Exercise -> Restrict the output to the lines below starting at the one that contains "Best continuation: Bd8+" and ending at the one that contains "Effusion: positive", and restate them word for word, both ends included.

Recorded data:
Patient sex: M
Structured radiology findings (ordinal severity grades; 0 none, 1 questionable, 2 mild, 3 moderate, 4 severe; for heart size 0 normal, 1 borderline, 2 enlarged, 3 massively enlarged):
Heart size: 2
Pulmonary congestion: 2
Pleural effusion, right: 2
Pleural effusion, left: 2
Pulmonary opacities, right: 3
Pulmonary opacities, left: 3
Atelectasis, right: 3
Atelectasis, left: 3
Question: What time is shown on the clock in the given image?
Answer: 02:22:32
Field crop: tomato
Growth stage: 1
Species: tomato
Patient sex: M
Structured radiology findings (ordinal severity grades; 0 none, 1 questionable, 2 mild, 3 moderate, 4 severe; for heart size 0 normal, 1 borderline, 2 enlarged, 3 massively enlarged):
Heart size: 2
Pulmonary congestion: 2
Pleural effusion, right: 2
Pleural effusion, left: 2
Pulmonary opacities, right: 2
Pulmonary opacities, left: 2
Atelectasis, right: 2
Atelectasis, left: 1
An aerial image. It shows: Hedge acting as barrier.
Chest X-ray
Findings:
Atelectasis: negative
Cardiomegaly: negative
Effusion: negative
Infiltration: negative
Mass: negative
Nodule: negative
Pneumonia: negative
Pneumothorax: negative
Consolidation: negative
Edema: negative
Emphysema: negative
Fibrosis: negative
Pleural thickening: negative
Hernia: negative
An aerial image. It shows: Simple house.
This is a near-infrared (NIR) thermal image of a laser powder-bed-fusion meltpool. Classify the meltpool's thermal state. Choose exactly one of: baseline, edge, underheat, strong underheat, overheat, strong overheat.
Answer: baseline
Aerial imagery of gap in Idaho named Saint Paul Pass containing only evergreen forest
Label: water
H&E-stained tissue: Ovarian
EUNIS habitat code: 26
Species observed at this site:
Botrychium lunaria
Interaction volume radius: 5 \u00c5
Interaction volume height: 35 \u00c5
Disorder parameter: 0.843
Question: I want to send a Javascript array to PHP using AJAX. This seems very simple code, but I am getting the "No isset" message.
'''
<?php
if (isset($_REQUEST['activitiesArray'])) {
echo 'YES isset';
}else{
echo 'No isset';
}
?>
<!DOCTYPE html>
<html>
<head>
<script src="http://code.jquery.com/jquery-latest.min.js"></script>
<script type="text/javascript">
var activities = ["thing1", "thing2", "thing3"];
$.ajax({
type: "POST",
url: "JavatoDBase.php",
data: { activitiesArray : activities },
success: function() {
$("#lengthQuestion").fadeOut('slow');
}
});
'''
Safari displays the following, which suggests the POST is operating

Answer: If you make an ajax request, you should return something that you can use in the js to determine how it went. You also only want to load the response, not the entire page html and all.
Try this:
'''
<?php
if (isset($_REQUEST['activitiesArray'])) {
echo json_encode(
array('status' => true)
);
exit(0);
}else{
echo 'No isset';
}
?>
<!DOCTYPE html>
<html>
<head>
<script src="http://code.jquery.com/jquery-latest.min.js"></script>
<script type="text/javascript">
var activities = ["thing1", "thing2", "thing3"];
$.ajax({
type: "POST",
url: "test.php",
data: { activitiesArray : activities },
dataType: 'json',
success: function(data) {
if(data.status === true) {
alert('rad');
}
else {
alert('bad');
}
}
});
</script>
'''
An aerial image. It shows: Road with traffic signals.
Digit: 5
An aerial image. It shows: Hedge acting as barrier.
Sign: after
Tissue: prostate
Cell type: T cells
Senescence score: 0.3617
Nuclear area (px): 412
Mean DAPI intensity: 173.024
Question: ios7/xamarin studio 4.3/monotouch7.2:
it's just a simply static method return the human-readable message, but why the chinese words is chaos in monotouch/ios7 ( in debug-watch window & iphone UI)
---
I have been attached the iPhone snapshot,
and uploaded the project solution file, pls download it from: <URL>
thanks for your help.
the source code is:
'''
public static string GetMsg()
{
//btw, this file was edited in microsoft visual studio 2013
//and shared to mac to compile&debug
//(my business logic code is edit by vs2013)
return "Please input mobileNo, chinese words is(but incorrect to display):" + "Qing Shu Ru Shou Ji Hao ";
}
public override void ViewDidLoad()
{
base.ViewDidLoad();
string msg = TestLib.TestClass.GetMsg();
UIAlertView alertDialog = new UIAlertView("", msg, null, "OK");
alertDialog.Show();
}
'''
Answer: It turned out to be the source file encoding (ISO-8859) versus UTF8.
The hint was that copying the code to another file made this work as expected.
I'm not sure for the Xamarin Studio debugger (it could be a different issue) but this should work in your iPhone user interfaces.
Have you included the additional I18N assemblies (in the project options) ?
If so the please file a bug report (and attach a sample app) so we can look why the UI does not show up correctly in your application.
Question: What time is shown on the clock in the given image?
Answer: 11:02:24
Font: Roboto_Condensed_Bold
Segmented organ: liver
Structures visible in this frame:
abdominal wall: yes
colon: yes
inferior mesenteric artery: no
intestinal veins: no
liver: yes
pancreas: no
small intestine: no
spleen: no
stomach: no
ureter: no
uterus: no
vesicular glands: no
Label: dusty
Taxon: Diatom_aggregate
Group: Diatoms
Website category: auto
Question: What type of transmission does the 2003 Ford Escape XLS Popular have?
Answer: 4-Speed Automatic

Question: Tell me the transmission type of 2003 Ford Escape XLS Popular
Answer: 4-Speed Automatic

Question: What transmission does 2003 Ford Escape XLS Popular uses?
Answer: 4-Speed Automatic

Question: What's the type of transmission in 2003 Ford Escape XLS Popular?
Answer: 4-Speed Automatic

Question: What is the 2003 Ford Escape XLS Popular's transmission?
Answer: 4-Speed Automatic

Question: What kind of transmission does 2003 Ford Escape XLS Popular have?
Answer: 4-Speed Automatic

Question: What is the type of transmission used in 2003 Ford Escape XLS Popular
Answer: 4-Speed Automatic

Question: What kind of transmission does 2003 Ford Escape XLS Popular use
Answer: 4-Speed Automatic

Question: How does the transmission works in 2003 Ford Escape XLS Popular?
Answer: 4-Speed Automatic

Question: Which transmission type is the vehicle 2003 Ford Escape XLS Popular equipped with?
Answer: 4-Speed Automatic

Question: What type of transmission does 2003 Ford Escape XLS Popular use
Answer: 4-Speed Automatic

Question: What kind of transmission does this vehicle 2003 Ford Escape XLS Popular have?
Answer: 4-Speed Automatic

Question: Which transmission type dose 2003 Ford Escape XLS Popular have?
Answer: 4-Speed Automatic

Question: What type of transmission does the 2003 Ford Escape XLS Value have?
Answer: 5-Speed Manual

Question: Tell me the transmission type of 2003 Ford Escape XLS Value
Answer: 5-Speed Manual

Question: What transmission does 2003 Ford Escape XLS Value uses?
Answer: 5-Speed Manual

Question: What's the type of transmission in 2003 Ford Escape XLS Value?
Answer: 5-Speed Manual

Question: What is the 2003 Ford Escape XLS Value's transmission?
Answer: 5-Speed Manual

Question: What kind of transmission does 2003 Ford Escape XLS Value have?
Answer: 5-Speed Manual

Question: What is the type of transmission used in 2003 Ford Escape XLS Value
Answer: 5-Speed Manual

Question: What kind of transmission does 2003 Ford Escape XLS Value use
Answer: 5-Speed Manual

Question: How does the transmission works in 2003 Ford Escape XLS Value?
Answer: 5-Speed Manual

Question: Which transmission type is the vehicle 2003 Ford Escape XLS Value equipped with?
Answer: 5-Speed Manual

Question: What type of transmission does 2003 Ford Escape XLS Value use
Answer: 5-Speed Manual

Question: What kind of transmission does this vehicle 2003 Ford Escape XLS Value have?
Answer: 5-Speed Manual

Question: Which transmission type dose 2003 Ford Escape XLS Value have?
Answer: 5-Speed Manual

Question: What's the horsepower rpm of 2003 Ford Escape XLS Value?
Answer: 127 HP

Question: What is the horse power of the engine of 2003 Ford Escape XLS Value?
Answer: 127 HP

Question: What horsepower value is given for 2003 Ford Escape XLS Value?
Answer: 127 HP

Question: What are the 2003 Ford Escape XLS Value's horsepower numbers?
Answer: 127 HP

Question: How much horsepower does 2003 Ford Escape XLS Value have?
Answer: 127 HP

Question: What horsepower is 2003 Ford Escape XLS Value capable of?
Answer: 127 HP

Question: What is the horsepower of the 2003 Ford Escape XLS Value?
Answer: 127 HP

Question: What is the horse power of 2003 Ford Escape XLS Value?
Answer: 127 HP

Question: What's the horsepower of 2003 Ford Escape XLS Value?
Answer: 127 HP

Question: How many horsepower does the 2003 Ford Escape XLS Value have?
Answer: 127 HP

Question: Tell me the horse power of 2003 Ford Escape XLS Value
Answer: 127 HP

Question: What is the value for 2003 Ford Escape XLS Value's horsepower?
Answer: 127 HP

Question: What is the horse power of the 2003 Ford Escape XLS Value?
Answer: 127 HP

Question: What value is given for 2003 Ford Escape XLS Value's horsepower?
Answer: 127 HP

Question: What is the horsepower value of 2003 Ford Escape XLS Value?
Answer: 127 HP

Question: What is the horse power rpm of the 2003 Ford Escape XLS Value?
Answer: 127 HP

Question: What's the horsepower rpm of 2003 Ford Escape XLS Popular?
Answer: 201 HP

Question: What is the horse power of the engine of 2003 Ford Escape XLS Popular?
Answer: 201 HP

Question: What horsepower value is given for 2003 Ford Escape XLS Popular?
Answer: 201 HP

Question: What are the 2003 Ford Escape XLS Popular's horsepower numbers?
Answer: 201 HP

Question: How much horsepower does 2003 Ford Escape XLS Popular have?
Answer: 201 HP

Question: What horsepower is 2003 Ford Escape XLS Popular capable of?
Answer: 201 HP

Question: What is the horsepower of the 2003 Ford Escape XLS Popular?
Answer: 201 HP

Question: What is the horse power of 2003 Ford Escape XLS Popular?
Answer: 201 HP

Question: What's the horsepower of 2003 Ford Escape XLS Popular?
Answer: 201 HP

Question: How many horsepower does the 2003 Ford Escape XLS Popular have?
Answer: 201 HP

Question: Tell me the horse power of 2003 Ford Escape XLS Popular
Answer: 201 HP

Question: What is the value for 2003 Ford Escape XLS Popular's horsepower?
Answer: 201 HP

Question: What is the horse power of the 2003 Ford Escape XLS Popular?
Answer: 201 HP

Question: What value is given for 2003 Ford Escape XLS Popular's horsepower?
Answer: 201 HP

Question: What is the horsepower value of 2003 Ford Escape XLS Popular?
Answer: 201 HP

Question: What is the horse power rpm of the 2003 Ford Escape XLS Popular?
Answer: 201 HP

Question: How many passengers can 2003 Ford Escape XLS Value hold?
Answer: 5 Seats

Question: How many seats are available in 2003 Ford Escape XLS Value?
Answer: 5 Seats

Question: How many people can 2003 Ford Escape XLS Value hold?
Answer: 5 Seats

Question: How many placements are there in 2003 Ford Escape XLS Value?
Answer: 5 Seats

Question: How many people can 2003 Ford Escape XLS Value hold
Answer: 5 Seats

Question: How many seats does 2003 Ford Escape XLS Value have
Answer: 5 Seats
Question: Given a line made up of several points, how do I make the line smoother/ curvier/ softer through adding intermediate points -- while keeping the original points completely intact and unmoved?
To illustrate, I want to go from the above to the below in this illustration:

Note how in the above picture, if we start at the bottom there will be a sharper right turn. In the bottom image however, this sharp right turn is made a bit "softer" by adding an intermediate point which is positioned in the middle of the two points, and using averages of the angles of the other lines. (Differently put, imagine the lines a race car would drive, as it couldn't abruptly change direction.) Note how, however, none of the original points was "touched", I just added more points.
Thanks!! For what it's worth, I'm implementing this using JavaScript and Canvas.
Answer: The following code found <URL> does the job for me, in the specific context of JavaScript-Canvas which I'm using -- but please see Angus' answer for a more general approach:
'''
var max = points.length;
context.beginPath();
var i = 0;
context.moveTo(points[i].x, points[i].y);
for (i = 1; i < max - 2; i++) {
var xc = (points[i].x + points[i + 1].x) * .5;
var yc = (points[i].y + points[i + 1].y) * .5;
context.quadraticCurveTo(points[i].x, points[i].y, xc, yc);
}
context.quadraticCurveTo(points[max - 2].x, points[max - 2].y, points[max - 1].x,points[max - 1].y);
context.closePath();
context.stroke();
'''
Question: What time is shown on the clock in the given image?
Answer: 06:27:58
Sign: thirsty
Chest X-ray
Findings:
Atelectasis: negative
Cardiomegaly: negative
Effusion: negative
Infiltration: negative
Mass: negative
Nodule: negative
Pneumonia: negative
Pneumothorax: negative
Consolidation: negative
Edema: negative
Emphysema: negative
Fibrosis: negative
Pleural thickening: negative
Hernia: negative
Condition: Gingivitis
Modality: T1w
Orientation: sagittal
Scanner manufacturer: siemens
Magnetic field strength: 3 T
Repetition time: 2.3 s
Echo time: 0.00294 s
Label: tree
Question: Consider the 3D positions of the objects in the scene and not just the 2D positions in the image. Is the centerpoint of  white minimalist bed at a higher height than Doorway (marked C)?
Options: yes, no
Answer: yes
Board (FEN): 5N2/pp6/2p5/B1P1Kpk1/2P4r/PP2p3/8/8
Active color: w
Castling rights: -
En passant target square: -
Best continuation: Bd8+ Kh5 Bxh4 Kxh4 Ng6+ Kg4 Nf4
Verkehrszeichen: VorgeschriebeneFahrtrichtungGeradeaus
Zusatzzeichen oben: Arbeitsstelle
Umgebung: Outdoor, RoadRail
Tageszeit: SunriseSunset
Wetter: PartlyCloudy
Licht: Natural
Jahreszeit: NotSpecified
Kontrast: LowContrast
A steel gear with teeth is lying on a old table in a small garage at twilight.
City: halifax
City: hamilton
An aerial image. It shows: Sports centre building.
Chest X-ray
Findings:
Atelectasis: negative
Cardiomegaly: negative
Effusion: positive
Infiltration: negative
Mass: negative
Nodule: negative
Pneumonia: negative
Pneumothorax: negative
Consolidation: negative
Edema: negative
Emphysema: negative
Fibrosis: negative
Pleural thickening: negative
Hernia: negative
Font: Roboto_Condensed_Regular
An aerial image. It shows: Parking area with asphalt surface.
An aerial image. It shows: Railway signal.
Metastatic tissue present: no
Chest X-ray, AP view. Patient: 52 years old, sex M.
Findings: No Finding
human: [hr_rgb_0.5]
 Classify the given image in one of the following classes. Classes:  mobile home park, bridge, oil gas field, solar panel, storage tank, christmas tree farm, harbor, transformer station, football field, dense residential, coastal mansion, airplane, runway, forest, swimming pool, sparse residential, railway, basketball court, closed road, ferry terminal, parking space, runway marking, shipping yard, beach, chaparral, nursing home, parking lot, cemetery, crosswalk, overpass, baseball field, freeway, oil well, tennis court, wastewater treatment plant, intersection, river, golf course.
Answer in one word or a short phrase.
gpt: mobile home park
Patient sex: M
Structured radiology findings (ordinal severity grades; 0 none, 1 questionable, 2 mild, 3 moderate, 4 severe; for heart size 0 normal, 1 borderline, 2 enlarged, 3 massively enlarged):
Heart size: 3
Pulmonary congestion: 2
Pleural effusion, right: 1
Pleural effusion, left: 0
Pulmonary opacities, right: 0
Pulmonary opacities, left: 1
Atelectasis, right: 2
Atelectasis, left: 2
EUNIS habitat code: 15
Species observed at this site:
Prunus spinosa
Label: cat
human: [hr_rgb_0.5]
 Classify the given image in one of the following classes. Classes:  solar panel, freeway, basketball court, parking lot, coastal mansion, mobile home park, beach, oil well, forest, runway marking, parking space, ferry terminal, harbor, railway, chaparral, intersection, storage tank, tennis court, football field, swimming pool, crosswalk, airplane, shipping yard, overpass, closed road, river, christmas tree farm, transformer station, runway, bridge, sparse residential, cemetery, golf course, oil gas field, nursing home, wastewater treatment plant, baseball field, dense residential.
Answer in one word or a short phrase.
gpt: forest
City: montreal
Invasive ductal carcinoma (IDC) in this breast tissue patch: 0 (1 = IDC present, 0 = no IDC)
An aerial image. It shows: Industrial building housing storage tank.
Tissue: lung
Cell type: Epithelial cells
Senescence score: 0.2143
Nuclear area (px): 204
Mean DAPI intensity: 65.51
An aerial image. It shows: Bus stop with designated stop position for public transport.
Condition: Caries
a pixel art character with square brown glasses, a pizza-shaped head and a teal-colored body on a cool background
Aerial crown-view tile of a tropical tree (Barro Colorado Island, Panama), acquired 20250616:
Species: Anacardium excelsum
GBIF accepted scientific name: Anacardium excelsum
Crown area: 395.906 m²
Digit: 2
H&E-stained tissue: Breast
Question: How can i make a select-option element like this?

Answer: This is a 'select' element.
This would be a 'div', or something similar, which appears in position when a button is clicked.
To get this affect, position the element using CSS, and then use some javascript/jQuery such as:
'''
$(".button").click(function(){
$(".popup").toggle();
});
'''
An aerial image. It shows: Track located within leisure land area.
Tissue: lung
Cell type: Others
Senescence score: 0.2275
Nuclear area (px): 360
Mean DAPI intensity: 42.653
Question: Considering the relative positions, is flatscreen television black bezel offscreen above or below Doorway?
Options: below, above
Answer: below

Reply ->
Best continuation: Bd8+ Kh5 Bxh4 Kxh4 Ng6+ Kg4 Nf4
Verkehrszeichen: VorgeschriebeneFahrtrichtungGeradeaus
Zusatzzeichen oben: Arbeitsstelle
Umgebung: Outdoor, RoadRail
Tageszeit: SunriseSunset
Wetter: PartlyCloudy
Licht: Natural
Jahreszeit: NotSpecified
Kontrast: LowContrast
A steel gear with teeth is lying on a old table in a small garage at twilight.
City: halifax
City: hamilton
An aerial image. It shows: Sports centre building.
Chest X-ray
Findings:
Atelectasis: negative
Cardiomegaly: negative
Effusion: positive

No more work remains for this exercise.